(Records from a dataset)
====

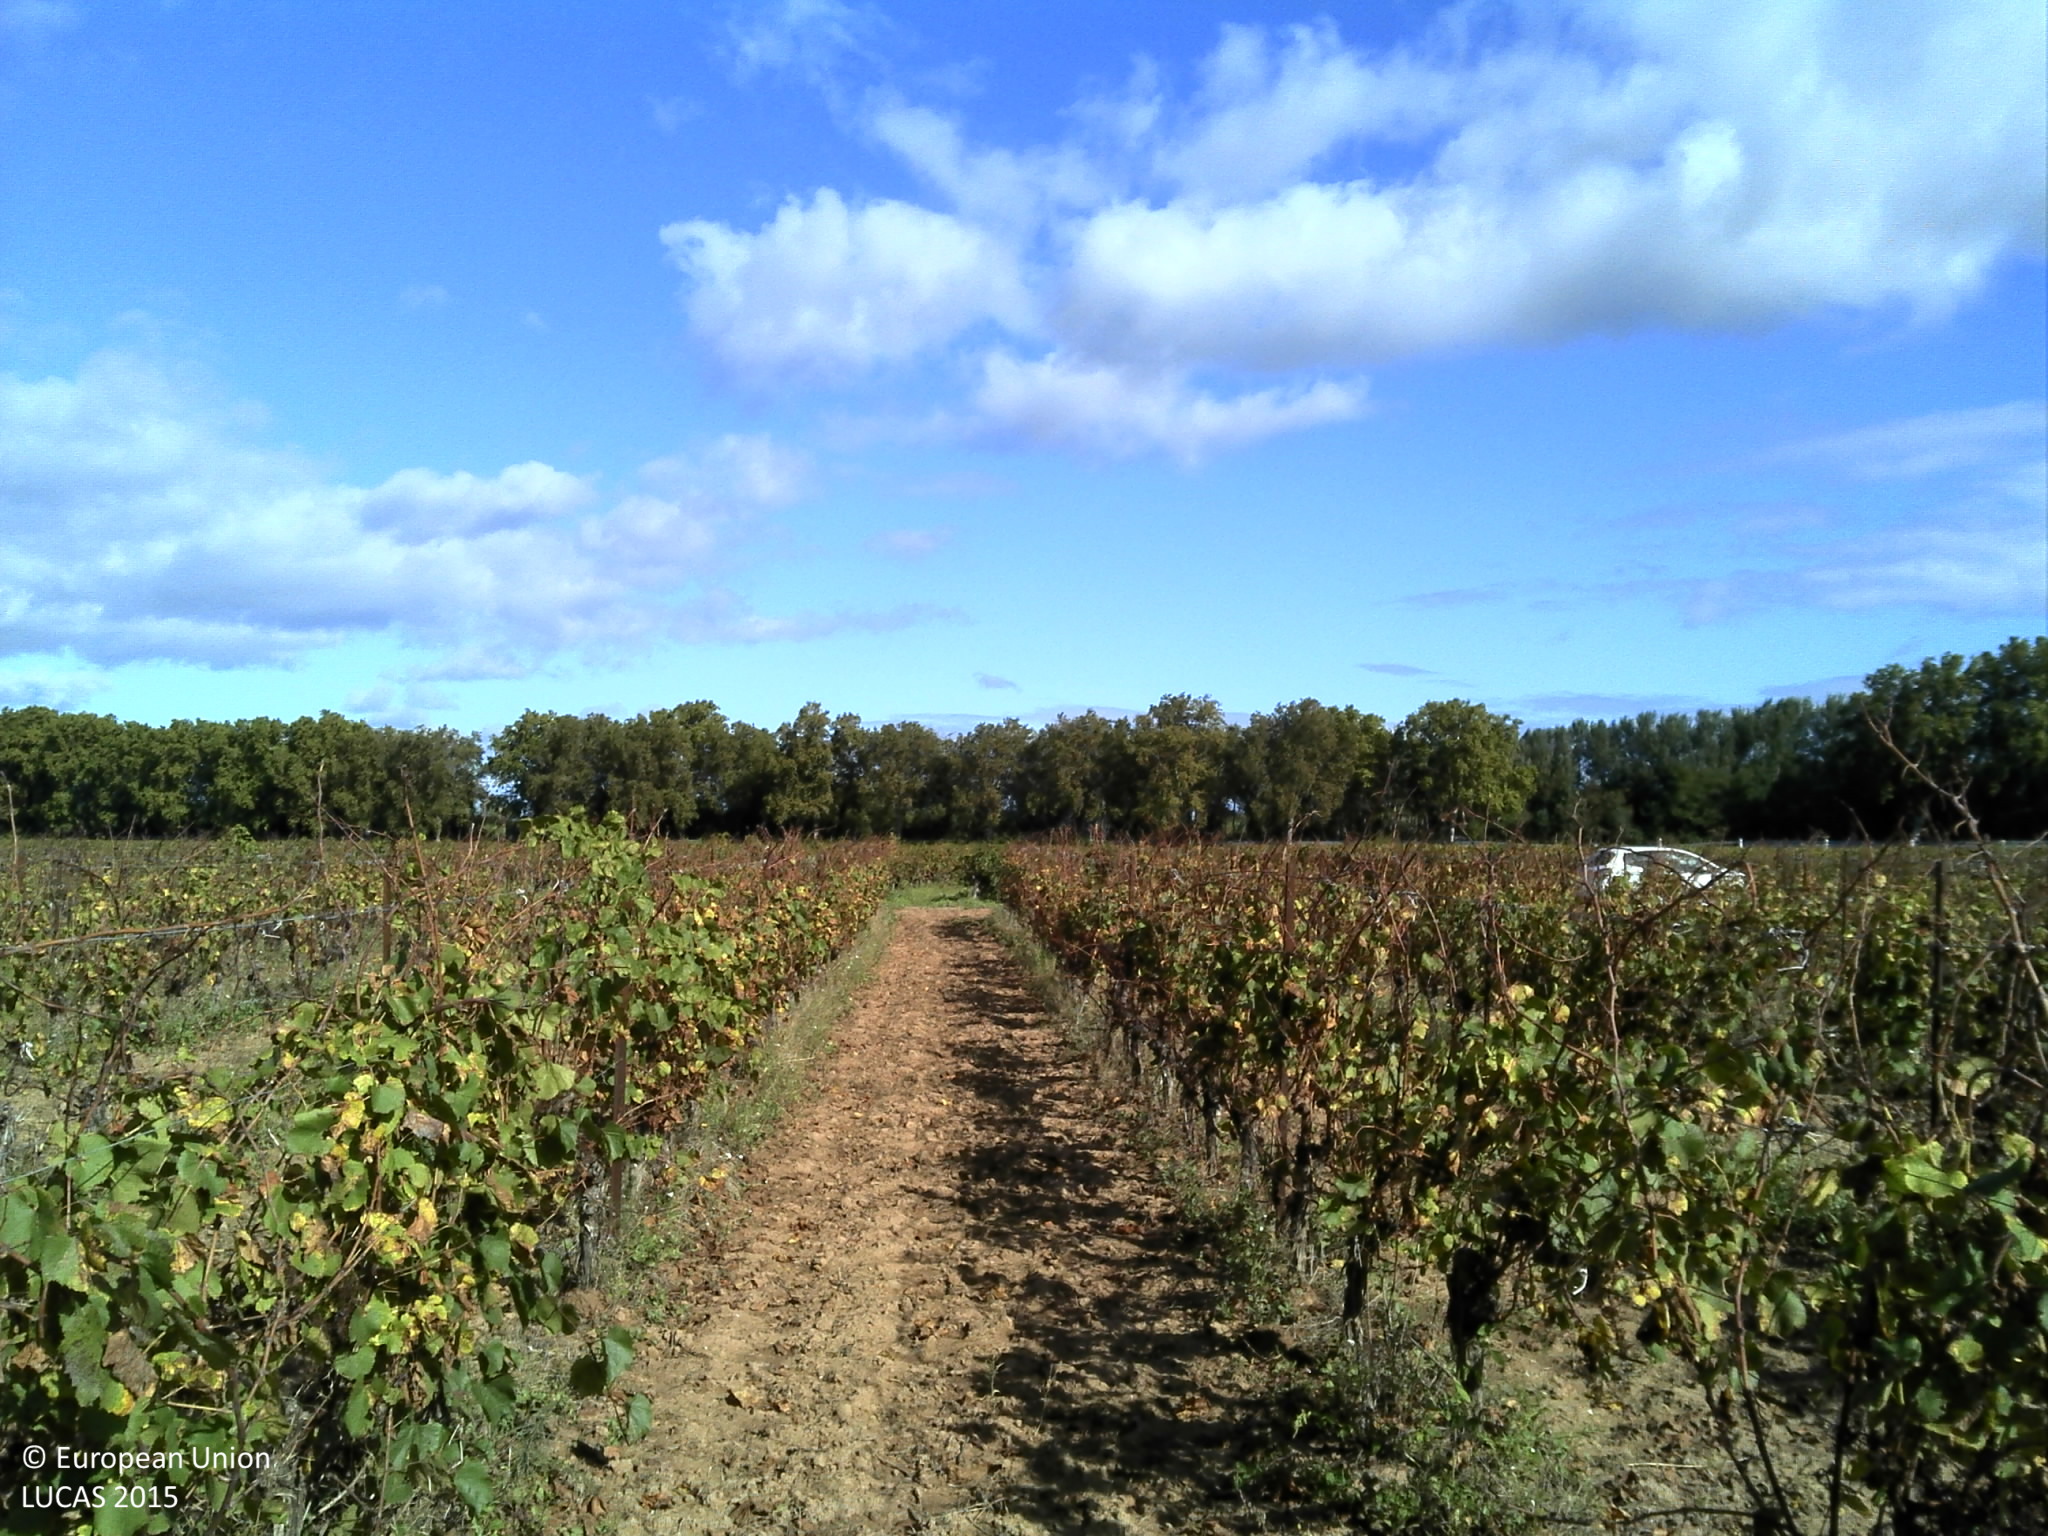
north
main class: Cropland
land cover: Vineyards
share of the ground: 10 - 25 %
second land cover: Other bare soil
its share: > 75 %
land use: Agriculture (excluding fallow land and kitchen gardens)
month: October
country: FR
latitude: 43.3463
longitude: 3.4345

====

Exercise directions: Print each entry above exactly. The pictures should not be printed.

Problem solution:
north
main class: Cropland
land cover: Vineyards
share of the ground: 10 - 25 %
second land cover: Other bare soil
its share: > 75 %
land use: Agriculture (excluding fallow land and kitchen gardens)
month: October
country: FR
latitude: 43.3463
longitude: 3.4345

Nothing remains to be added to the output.